Выбрать главу

«Вейкфилъдский священник» и «Старик и море»: трудно хоть как-то соотнести их с индийским пейзажем или с индийскими взглядами. Японский роман тоже начинался отчасти с подражания Западу. Танизаки, если я не ошибаюсь, признавался как-то, что в своем раннем творчестве он испытывал слишком сильное влияние европейцев. Однако даже сквозь это подражательство можно разглядеть, что японцы определенно обладают собственным углом зрения. И в раннем творчестве Танизаки это ощущается точно так же, как и в недавних произведениях Юкио Мисимы: это любопытная буквальность, которая приводит к отстраненности настолько неодолимой, что она делает само письмо бессмысленным. Как ни странно, это проистекает из жажды незримого и является выражением интереса к людям. А та сладость и грусть, которую мы обнаруживаем в индийских романах и в индийских фильмах, является нежеланием смотреть в глаза чересчур гнетущей реальности; эти сладость и грусть ослабляют ужас, превращая его в теплую и добродетельную прочувствованность. Индийская сентиментальность — полная противоположность подлинного интереса.

Достоинства Р. К. Нараяна суть магически преображенные индийские неудачи. Я говорю это безо всякого неуважения: Нараян — писатель, чьи произведения вызывают у меня искреннее восхищение и удовольствие. По-моему, он вечно стремится к той бесцельности индийской беллетристики, каковая происходит из глубочайших сомнений относительно предназначения и ценности беллетристики, — однако его вечно спасает собственная честность, чувство юмора и, главное, позиция полного примирения. Его произведения отражают глубинные процессы его общества. Несколько лет назад в Лондоне он сказал мне, что, что бы ни случилось, Индия останется навсегда. Он заметил это мимоходом; он просто высказал убеждение настолько глубоко въевшееся, что оно не нуждалось в особом подчеркивании. Это негативная позиция, часть той старой Индии, которая неспособна на самооценку. И вот результат: Индия, которую видит иностранный гость, далека от Индии из романов Нараяна. Он ведь рассказывает индийскую правду. Слишком многое из гнетущей действительности обходится молчанием; слишком многое предлагается принимать как должное. У Нараяна мы видим противоречие между формой, которая предполагает интерес, и позицией, которая его отрицает; в этом-то тихом противоречии и заключается его магия, которую некоторые называют «чеховской». Он неподражаем, и невозможно предположить, что он добился синтеза, к которому когда-нибудь придет вся индийская литература. Более молодые писатели, пишущие по-английски, далеко ушли от Нараяна. В романах, повествующих о сложностях, с какими сталкиваются студенты, вернувшиеся из Европы, они лишь выражают личное замешательство; сами такие романы лишь документируют индийскую неразбериху.

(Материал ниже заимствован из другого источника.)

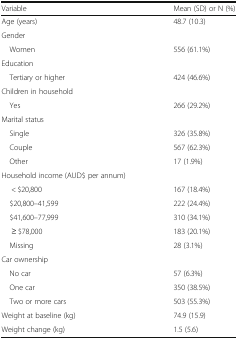
<table><thead><tr><td><b>Variable</b></td><td><b>Mean (SD) or N (%)</b></td></tr></thead><tbody><tr><td>Age (years)</td><td>48.7 (10.3)</td></tr><tr><td colspan="2">Gender</td></tr><tr><td> Women</td><td>556 (61.1%)</td></tr><tr><td colspan="2">Education</td></tr><tr><td> Tertiary or higher</td><td>424 (46.6%)</td></tr><tr><td colspan="2">Children in household</td></tr><tr><td> Yes</td><td>266 (29.2%)</td></tr><tr><td colspan="2">Marital status</td></tr><tr><td> Single</td><td>326 (35.8%)</td></tr><tr><td> Couple</td><td>567 (62.3%)</td></tr><tr><td> Other</td><td>17 (1.9%)</td></tr><tr><td colspan="2">Household income (AUD$ per annum)</td></tr><tr><td>&lt; $20,800</td><td>167 (18.4%)</td></tr><tr><td> $20,800–41,599</td><td>222 (24.4%)</td></tr><tr><td> $41,600–77,999</td><td>310 (34.1%)</td></tr><tr><td>≥ $78,000</td><td>183 (20.1%)</td></tr><tr><td> Missing</td><td>28 (3.1%)</td></tr><tr><td colspan="2">Car ownership</td></tr><tr><td> No car</td><td>57 (6.3%)</td></tr><tr><td> One car</td><td>350 (38.5%)</td></tr><tr><td> Two or more cars</td><td>503 (55.3%)</td></tr><tr><td>Weight at baseline (kg)</td><td>74.9 (15.9)</td></tr><tr><td>Weight change (kg)</td><td>1.5 (5.6)</td></tr></tbody></table>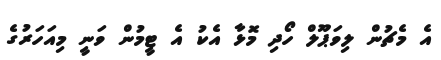
އެ މެޗުން ލިވަޕޫލް ހޯދި މޮޅާ އެކު އެ ޓީމުން ވަނީ މިއަހަރުގެ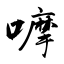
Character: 嚤

Единственным автором, работающим внутри общества и вместе с тем способным навязать ему такой способ видения, в котором можно признать приемлемый тип критики, является писательница Р. Проэр Джхабвала. Но она европейка.

«С известной точки зрения литературу можно разделить на соглашательскую — она, грубо говоря, относится к древности и классике, — и диссидентскую, порожденную Новым временем. Нетрудно заметить, что в первой из них роман был редкостью. Почти все его образцы вдохновлены не действительностью, а фантазией… В сущности, это сказки, а не романы. Во второй, напротив, появляется подлинный жанр романа, не перестающий развиваться и обогащаться вплоть до наших дней… Роман зарождается одновременно с духом мятежа и выражает — в эстетическом плане — те же мятежные устремления». (Камю А., «Бунтующий человек») (Прим. авт.)